• [Supplied material]:
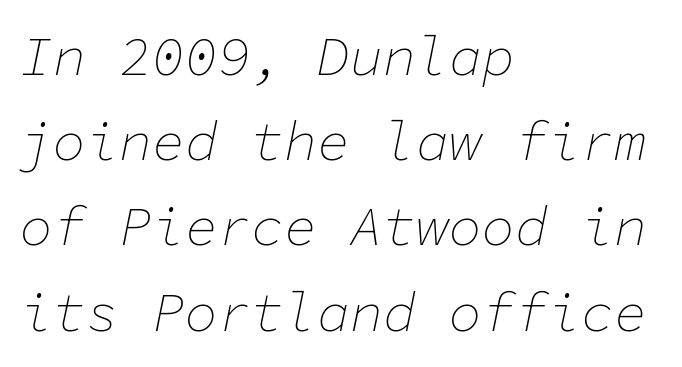
The image shows 55 px thin type, italic (leaning right), monospaced; set left-aligned, normal line spacing (1.55x), normal letter spacing, not underlined; low stroke contrast and a medium x-height.
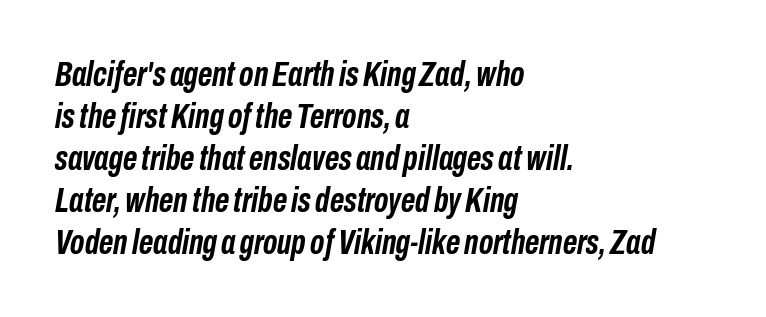
Q: Is the text bold? A: Yes.
Q: Is the text italic (slanted)? A: Yes, it leans right by about 10 degrees.
Q: Is the text underlined? A: No.
Q: How is the paragraph aligned? A: Left-aligned.
Q: Is the spacing between letters normal or unusually wide? A: Normal.
Q: Width (condensed, normal, or wide)? A: Condensed.
Q: Stroke contrast? A: Low.
Q: x-height? A: Medium.
Q: Monospaced? A: No.

• [The problem]: With the line that contains "Q: Is the text bold? A: Yes." as the first and the final line of the data as the last, repeat every line in that span exactly.

• [Output for this exercise]:
Q: Is the text bold? A: Yes.
Q: Is the text italic (slanted)? A: Yes, it leans right by about 10 degrees.
Q: Is the text underlined? A: No.
Q: How is the paragraph aligned? A: Left-aligned.
Q: Is the spacing between letters normal or unusually wide? A: Normal.
Q: Width (condensed, normal, or wide)? A: Condensed.
Q: Stroke contrast? A: Low.
Q: x-height? A: Medium.
Q: Monospaced? A: No.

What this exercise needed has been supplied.